*** Information

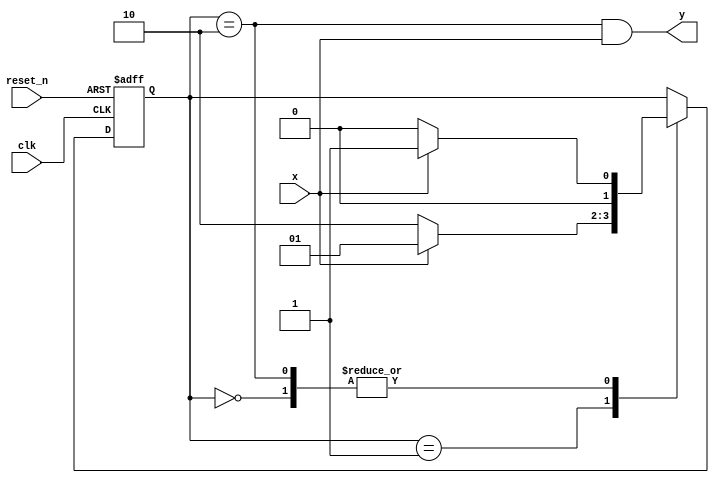
module mealy_101_detector(input clk,
    input reset_n,
    input x,
    output y
    );
    
    reg [1:0] state_reg, state_next;
    localparam s0 = 0;
    localparam s1 = 1;
    localparam s2 = 2;
    localparam s3 = 3;
    
    // State register
    always @(posedge clk, negedge reset_n)
    begin
        if (~reset_n)
            state_reg <= s0;
        else
            state_reg <= state_next;
    end
    
    // Next state logic
    always @(*)
    begin
        case(state_reg)
            s0: if(x)
                    state_next = s1;
                else
                    state_next = s0;                
            s1: if(x)
                    state_next = s1;
                else
                    state_next = s2;                 
            s2: if(x)
                    state_next = s1;
                else
                    state_next = s0;            
            default: state_next = state_reg;            
        endcase
    end
    
    // Output logic
    assign y = (state_reg == s2) & x;
endmodule
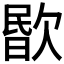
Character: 𣣤
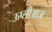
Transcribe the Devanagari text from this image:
ऊप्लीआज़
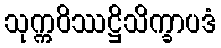
သုက္ကဝိဿဋ္ဌိသိက္ခာပဒံ
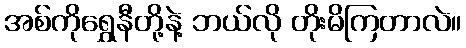
အစ်ကိုရွှေနီတို့နဲ့ ဘယ်လို တိုးမိကြတာလဲ။
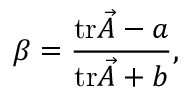
\beta = \frac { \mathrm { t r } \vec { A } - a } { \mathrm { t r } \vec { A } + b } ,
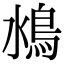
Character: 𩾼
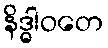
နိဒ္ဓါဝတေ
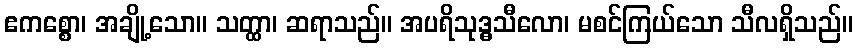
ဧကစ္စော၊ အချို့သော။ သတ္ထာ၊ ဆရာသည်။ အပရိသုဒ္ဓသီလော၊ မစင်ကြယ်သော သီလရှိသည်။
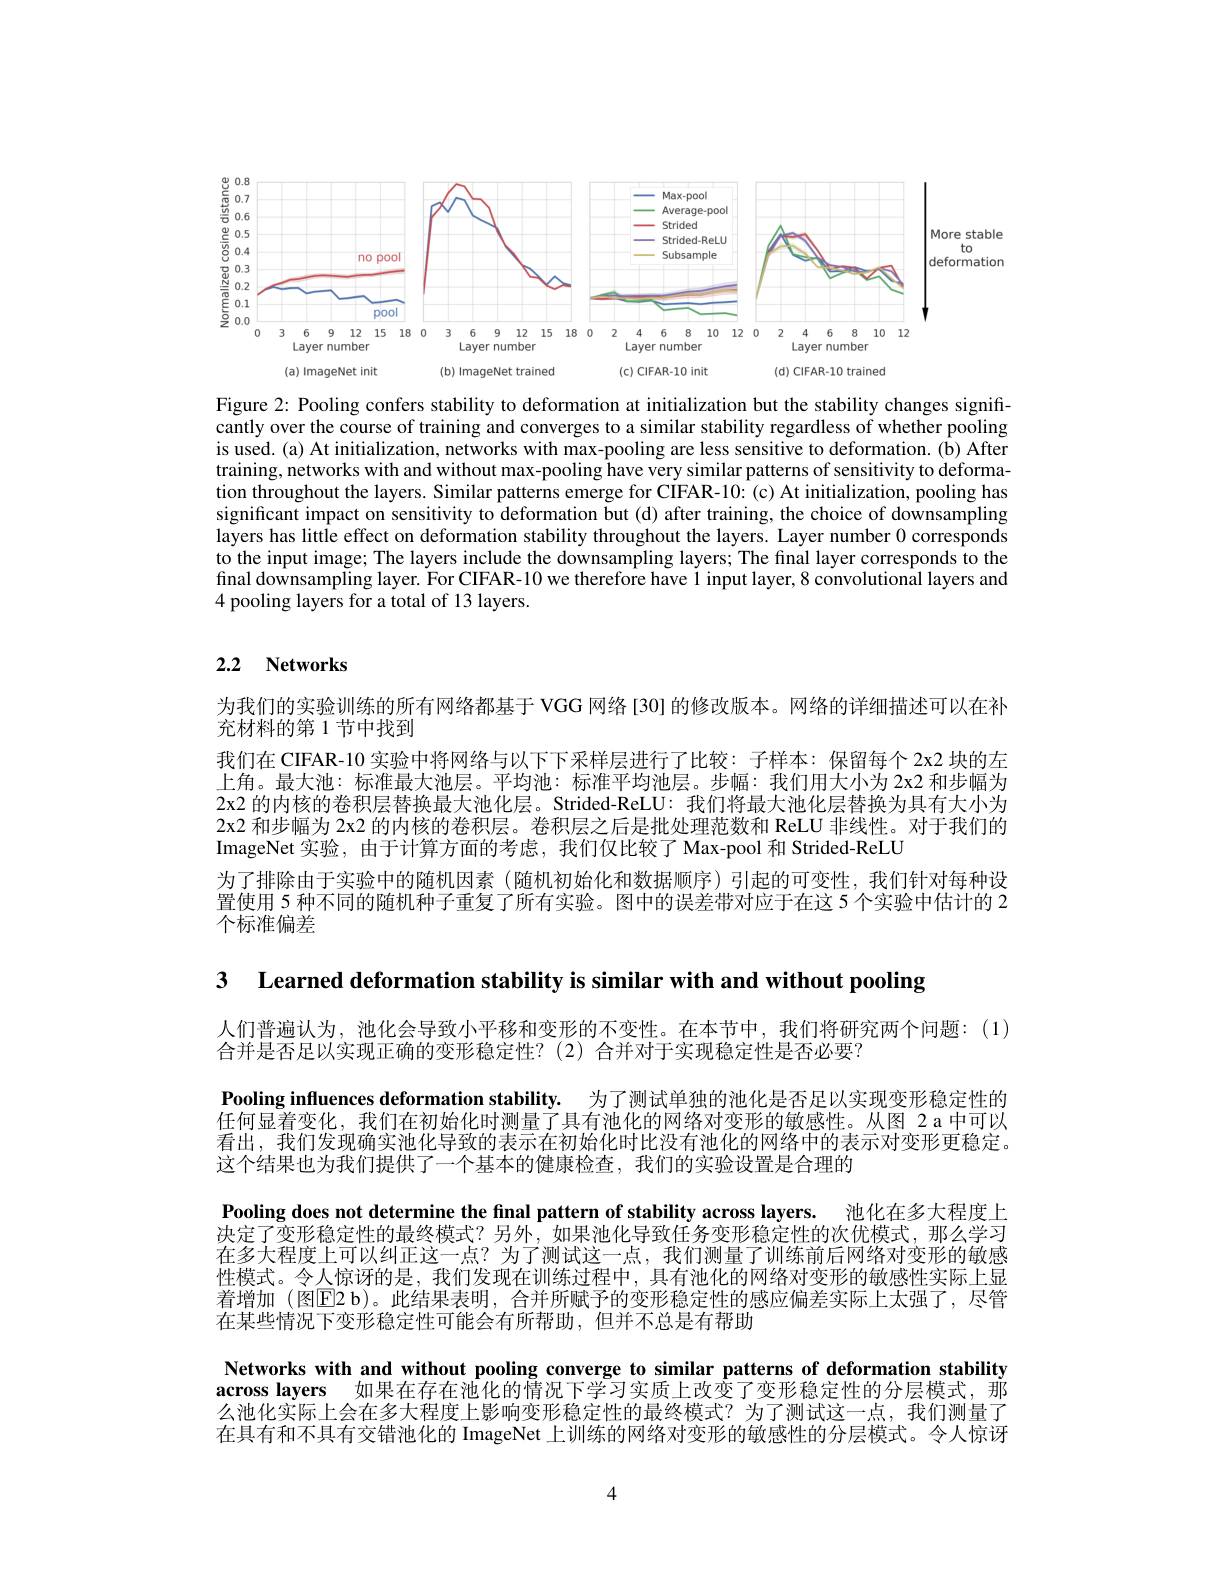
<FigureHere>

Figure 2: Pooling confers stability to deformation at initialization but the stability changes significantly over the course of training and converges to a similar stability regardless of whether pooling is used. (a) At initialization, networks with max-pooling are less sensitive to deformation. (b) After training, networks with and without max-pooling have very similar patterns of sensitivity to deformation throughout the layers. Similar patterns emerge for CIFAR-10: (c) At initialization, pooling has significant impact on sensitivity to deformation but (d) after training, the choice of downsampling layers has little effect on deformation stability throughout the layers. Layer number 0 corresponds to the input image; The layers include the downsampling layers; The final layer corresponds to the final downsampling layer. For CIFAR-10 we therefore have $i$ input layer, 8 convolutional layers and 4 pooling layers for a total of 13 layers.

## 2.2 Networks

为我们的实验训练的所有网络都基于 VGG 网络 [30] 的修改版本。网络的详细描述可以在补
充材料的第 1 节中找到
我们在 CIFAR-10 实验中将网络与以下下采样层进行了比较：子样本：保留每个 2x2 块的左上角。最大池：标准最大池层。平均池：标准平均池层。步幅：我们用大小为 2x2 和步幅为2x2 的内核的卷积层替换最大池化层。Strided-ReLU:我们将最大池化层替换为具有大小为2x2 和步幅为 2x2 的内核的卷积层。卷积层之后是批处理范数和 ReLU 非线性。对于我们的ImageNet 实验，由于计算方面的考虑，我们仅比较了Max-pool 和 Strided-ReLU
为了排除由于实验中的随机因素(随机初始化和数据顺序)引起的可变性，我们针对每种设置使用 5 种不同的随机种子重复了所有实验。图中的误差带对应于在这 5个实验中估计的 2个标准偏差

3 $\textbf{Learned deformation stability is similar with and without pooling}$

人们普遍认为，池化会导致小平移和变形的不变性。在本节中，我们将研究两个问题：(1)
合并是否足以实现正确的变形稳定性？(2)合并对于实现稳定性是否必要？
Pooling influences deformation stability. 为了测试单独的池化是否足以实现变形稳定性的任何显着变化，我们在初始化时测量了具有池化的网络对变形的敏感性。从图 2a 中可以看出，我们发现确实池化导致的表示在初始化时比没有池化的网络中的表示对变形更稳定。这个结果也为我们提供了一个基本的健康检查，我们的实验设置是合理的
Pooling does not determine the final pattern of stability across layers. 池化在多大程度上决定了变形稳定性的最终模式？另外，如果池化导致任务变形稳定性的次优模式，那么学习在多大程度上可以纠正这一点？为了测试这一点，我们测量了训练前后网络对变形的敏感性模式。令人惊讶的是，我们发现在训练过程中，具有池化的网络对变形的敏感性实际上显着增加 (图E2 b)。此结果表明，合并所赋予的变形稳定性的感应偏差实际上太强了，尽管在某些情况下变形稳定性可能会有所帮助，但并不总是有帮助
Networks with and without pooling converge to similar patterns of deformation stability across layers 如果在存在池化的情况下学习实质上改变了变形稳定性的分层模式，那么池化实际上会在多大程度上影响变形稳定性的最终模式？为了测试这一点，我们测量了在具有和不具有交错池化的 ImageNet 上训练的网络对变形的敏感性的分层模式。令人惊讶

4

******

- What the task requires -
Go through the entries and retype each one exactly, skipping any image.

- Your response -
module mealy_101_detector(input clk,
    input reset_n,
    input x,
    output y
    );
    
    reg [1:0] state_reg, state_next;
    localparam s0 = 0;
    localparam s1 = 1;
    localparam s2 = 2;
    localparam s3 = 3;
    
    // State register
    always @(posedge clk, negedge reset_n)
    begin
        if (~reset_n)
            state_reg <= s0;
        else
            state_reg <= state_next;
    end
    
    // Next state logic
    always @(*)
    begin
        case(state_reg)
            s0: if(x)
                    state_next = s1;
                else
                    state_next = s0;                
            s1: if(x)
                    state_next = s1;
                else
                    state_next = s2;                 
            s2: if(x)
                    state_next = s1;
                else
                    state_next = s0;            
            default: state_next = state_reg;            
        endcase
    end
    
    // Output logic
    assign y = (state_reg == s2) & x;
endmodule
Character: 𣣤
Transcribe the Devanagari text from this image:
ऊप्लीआज़
သုက္ကဝိဿဋ္ဌိသိက္ခာပဒံ
အစ်ကိုရွှေနီတို့နဲ့ ဘယ်လို တိုးမိကြတာလဲ။
\beta = \frac { \mathrm { t r } \vec { A } - a } { \mathrm { t r } \vec { A } + b } ,
Character: 𩾼
နိဒ္ဓါဝတေ
ဧကစ္စော၊ အချို့သော။ သတ္ထာ၊ ဆရာသည်။ အပရိသုဒ္ဓသီလော၊ မစင်ကြယ်သော သီလရှိသည်။
<FigureHere>

Figure 2: Pooling confers stability to deformation at initialization but the stability changes significantly over the course of training and converges to a similar stability regardless of whether pooling is used. (a) At initialization, networks with max-pooling are less sensitive to deformation. (b) After training, networks with and without max-pooling have very similar patterns of sensitivity to deformation throughout the layers. Similar patterns emerge for CIFAR-10: (c) At initialization, pooling has significant impact on sensitivity to deformation but (d) after training, the choice of downsampling layers has little effect on deformation stability throughout the layers. Layer number 0 corresponds to the input image; The layers include the downsampling layers; The final layer corresponds to the final downsampling layer. For CIFAR-10 we therefore have $i$ input layer, 8 convolutional layers and 4 pooling layers for a total of 13 layers.

## 2.2 Networks

为我们的实验训练的所有网络都基于 VGG 网络 [30] 的修改版本。网络的详细描述可以在补
充材料的第 1 节中找到
我们在 CIFAR-10 实验中将网络与以下下采样层进行了比较：子样本：保留每个 2x2 块的左上角。最大池：标准最大池层。平均池：标准平均池层。步幅：我们用大小为 2x2 和步幅为2x2 的内核的卷积层替换最大池化层。Strided-ReLU:我们将最大池化层替换为具有大小为2x2 和步幅为 2x2 的内核的卷积层。卷积层之后是批处理范数和 ReLU 非线性。对于我们的ImageNet 实验，由于计算方面的考虑，我们仅比较了Max-pool 和 Strided-ReLU
为了排除由于实验中的随机因素(随机初始化和数据顺序)引起的可变性，我们针对每种设置使用 5 种不同的随机种子重复了所有实验。图中的误差带对应于在这 5个实验中估计的 2个标准偏差

3 $\textbf{Learned deformation stability is similar with and without pooling}$

人们普遍认为，池化会导致小平移和变形的不变性。在本节中，我们将研究两个问题：(1)
合并是否足以实现正确的变形稳定性？(2)合并对于实现稳定性是否必要？
Pooling influences deformation stability. 为了测试单独的池化是否足以实现变形稳定性的任何显着变化，我们在初始化时测量了具有池化的网络对变形的敏感性。从图 2a 中可以看出，我们发现确实池化导致的表示在初始化时比没有池化的网络中的表示对变形更稳定。这个结果也为我们提供了一个基本的健康检查，我们的实验设置是合理的
Pooling does not determine the final pattern of stability across layers. 池化在多大程度上决定了变形稳定性的最终模式？另外，如果池化导致任务变形稳定性的次优模式，那么学习在多大程度上可以纠正这一点？为了测试这一点，我们测量了训练前后网络对变形的敏感性模式。令人惊讶的是，我们发现在训练过程中，具有池化的网络对变形的敏感性实际上显着增加 (图E2 b)。此结果表明，合并所赋予的变形稳定性的感应偏差实际上太强了，尽管在某些情况下变形稳定性可能会有所帮助，但并不总是有帮助
Networks with and without pooling converge to similar patterns of deformation stability across layers 如果在存在池化的情况下学习实质上改变了变形稳定性的分层模式，那么池化实际上会在多大程度上影响变形稳定性的最终模式？为了测试这一点，我们测量了在具有和不具有交错池化的 ImageNet 上训练的网络对变形的敏感性的分层模式。令人惊讶

4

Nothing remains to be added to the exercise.